Fringe people are needy types.    They simply cannot be satisfied with  simple, everyday answers to out-of-the ordinary events.    They need more.    For fringers with Morgellon’s, I equate this with a woman who has  Munchausen Syndrome.   They LIKE the attention a little known issue gives them.   From the letters and emails I’ve gotten, I dare say some enjoy their itchy sores.  They feel special…ordained…annointed by some big petri dish in the sky.  Morgellons makes them feel special;  they need to feel special.

 

For fringers who don’t go the route of needing to have Morgellons or odd metal tracking bar implanted in their groins after a late night visit by The  Reptilians”,  they simply require a little excitement in their ho-hum, hum-drum lives.   Their “itch” must be scratched with conspiracies.  Take  Princess Diana’s death.    There are many people who refuse to believe that something as mundane as the driver of a speeding car lost control in a tunnel and careened said car head-on into a concrete support pillar.    There are those that can’t handle that a sawed off runt with a Napoleonic complex named Lee Harvey Oswald quite possibly staged a one-man coup d’etat from the sixth floor of the Texas School Book Depository Building 49-years ago.   

To think anything else troubles our safe, comfy sense that the world  is relatively stable, safe place . It’s in the process of searching for explanations that  some cast their polls of imagination out into the sea of unknown with the hopes of reeling in an explanation that matches the magnitude of whatever event or reality  with which they’re having issues .    For example: cold air colliding with warm, unstable air on a balmy spring day last year didn’t cause those killer tornadoes that decimated Joplin and Tuscaloosa. 

It was a weather machine. 

Silly?   Completely, but for some people who live on that cusp of created normalcy,  it becomes a most comforting  explanation;  nothing else could come close to comfortably justifying  how or why so many died.    

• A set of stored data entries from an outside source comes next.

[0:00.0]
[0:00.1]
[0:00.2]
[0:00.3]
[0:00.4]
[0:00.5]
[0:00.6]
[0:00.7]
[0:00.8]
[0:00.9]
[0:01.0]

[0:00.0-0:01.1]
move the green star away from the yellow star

Now, I don’t doubt for one minute that Black Ops exist and covert shit is being done all the time and I don’t doubt the American government stirs a  large shit pot in shittiest of shit holes all over the world;for political gain…..

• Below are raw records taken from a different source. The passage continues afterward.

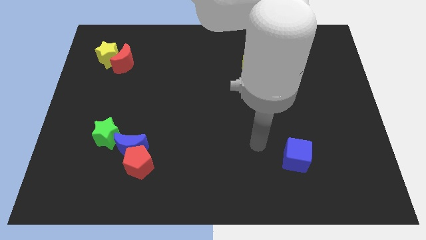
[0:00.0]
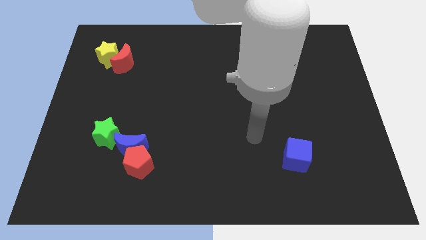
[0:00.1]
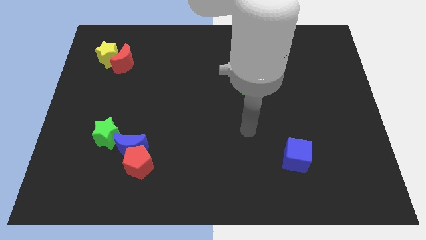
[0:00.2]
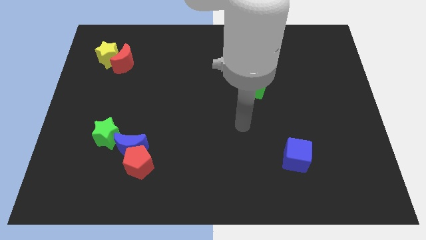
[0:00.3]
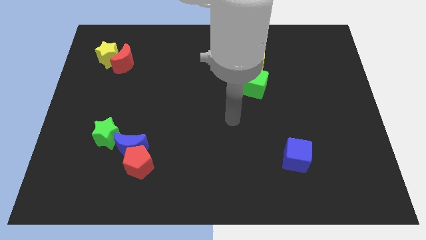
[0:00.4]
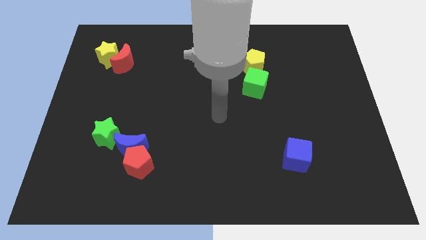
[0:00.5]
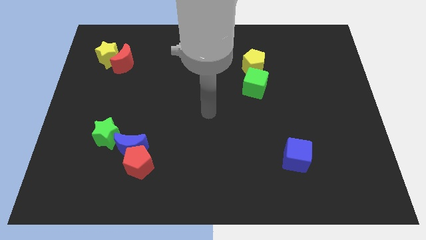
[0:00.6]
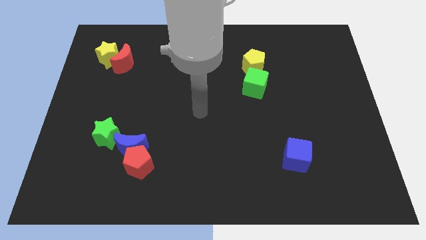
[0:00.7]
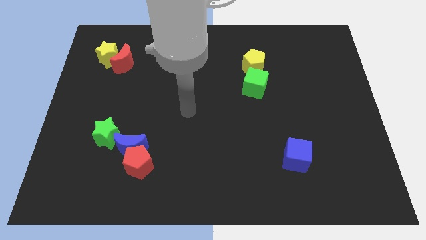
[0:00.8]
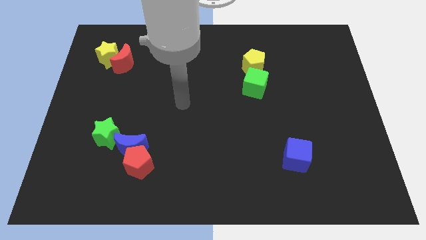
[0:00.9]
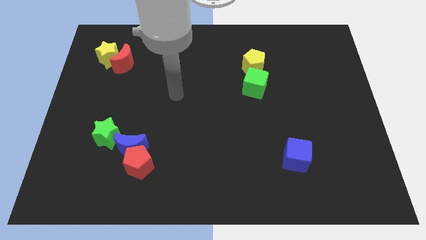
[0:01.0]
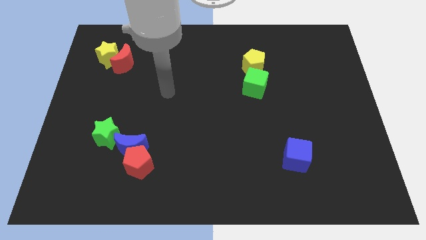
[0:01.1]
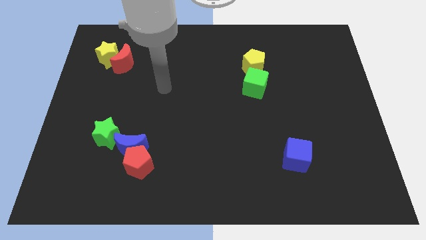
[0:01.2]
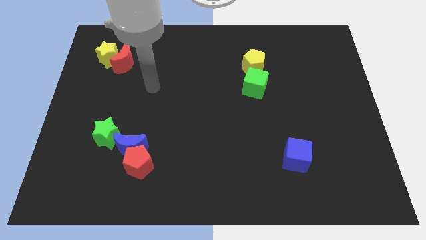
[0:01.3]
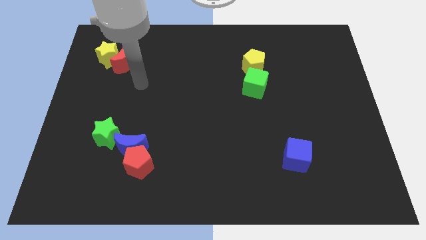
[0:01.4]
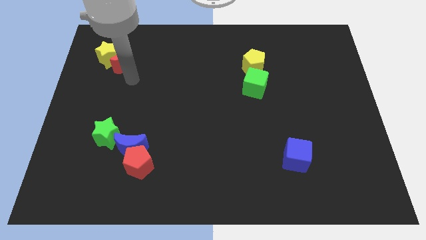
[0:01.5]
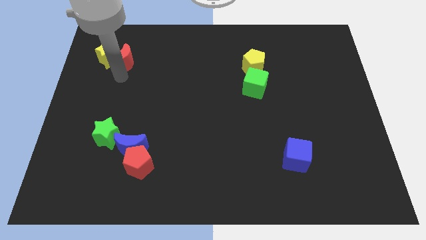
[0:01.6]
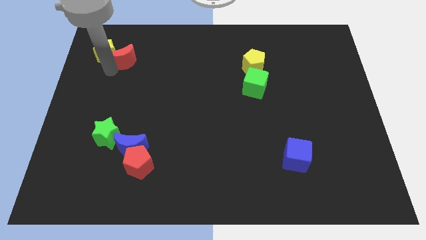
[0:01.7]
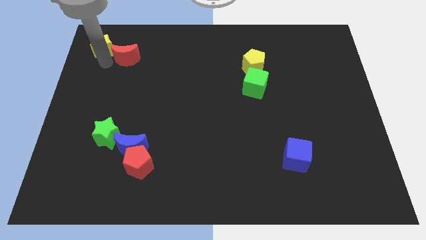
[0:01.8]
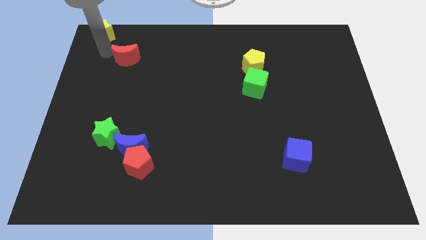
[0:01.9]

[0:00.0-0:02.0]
pull the red moon apart from the yellow star

But…..I also understand fact vs. fiction.   I also understand plausibility–that  ten years ago, 19 “religious” fanatics fueled by skewed arrogance killed almost three thousand people in Manhattan, Washington and a rural field in Pennsylvania one morning vis-a-vie a plan that while horrific, was brilliant in its simplicity.      They used our own naiveté and arrogance as a weapon against us.    

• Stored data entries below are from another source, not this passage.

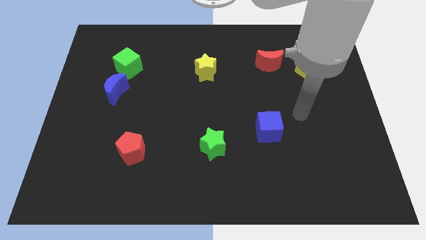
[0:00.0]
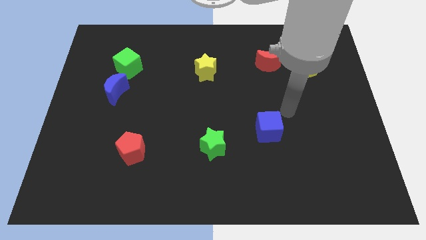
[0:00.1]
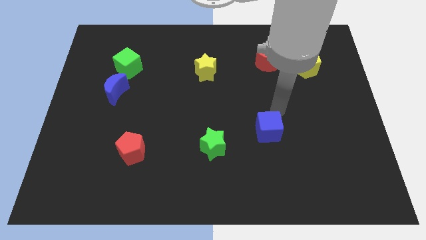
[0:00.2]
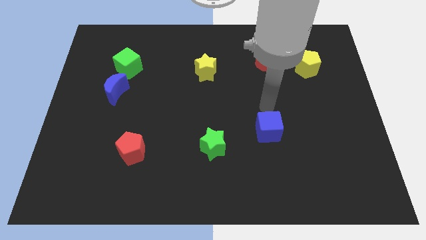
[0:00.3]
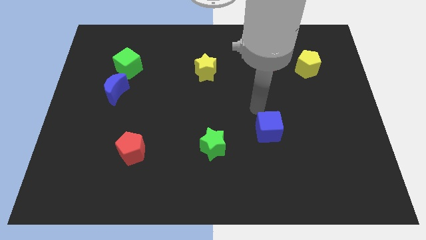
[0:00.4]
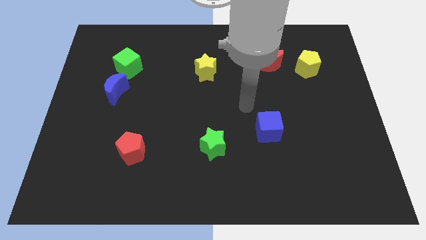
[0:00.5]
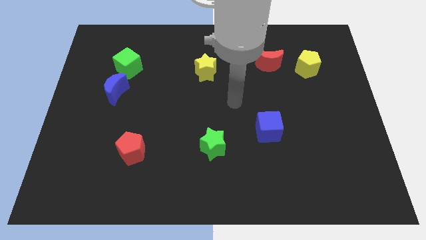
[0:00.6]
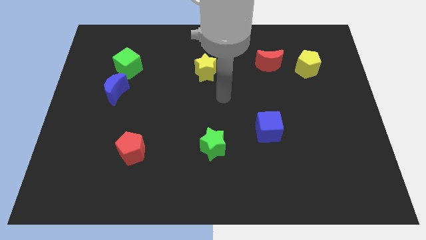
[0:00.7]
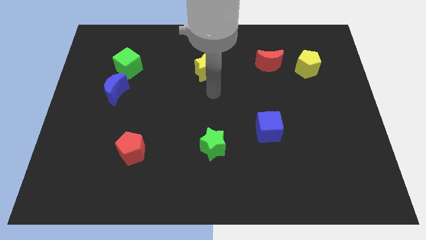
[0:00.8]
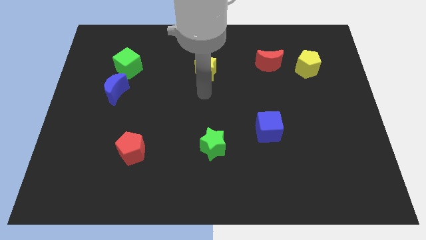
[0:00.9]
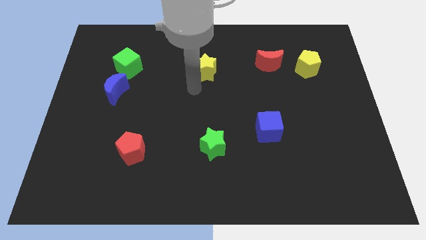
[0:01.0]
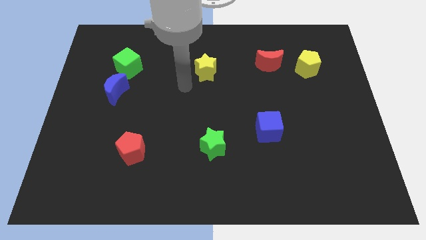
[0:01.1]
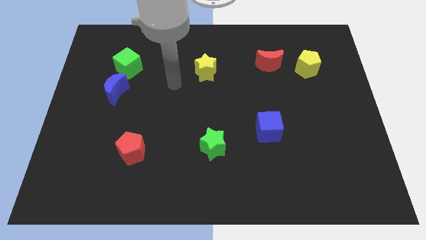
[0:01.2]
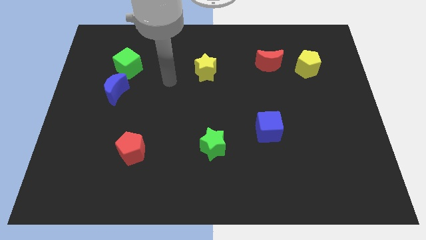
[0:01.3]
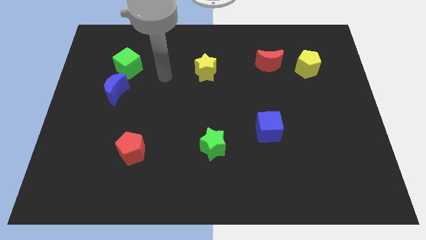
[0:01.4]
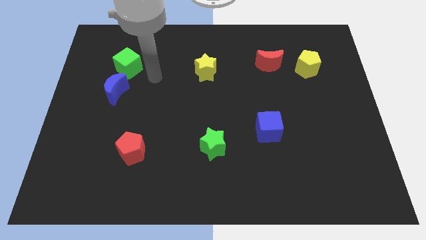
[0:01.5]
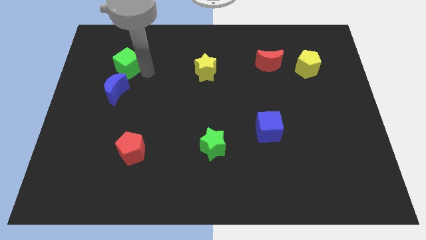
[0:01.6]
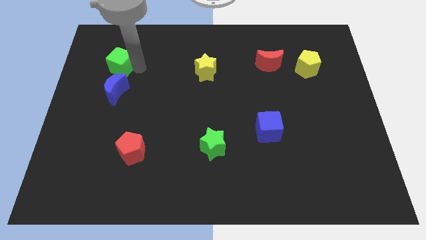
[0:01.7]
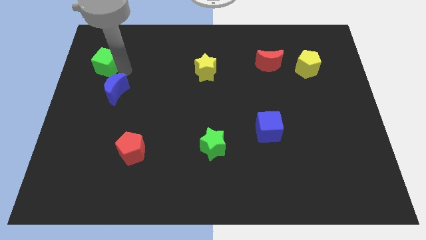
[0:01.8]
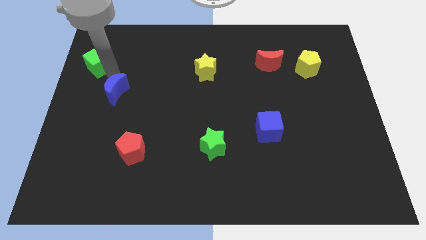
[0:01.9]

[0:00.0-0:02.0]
separate the blue moon from the green cube

In closing, take heart Morgellons patients:  I will give you what you need to hear: you DO  have something wrong with you–a 15 member panel of experts determined that you do, but it’s not physical.   Do you understand???  IT’S  NOT A PHYSICAL MALADY.    But please seek help. 

Seriously.

 That said, the next blue fibers you should seek out should be those found in the weave of a psychiatrist’s couch.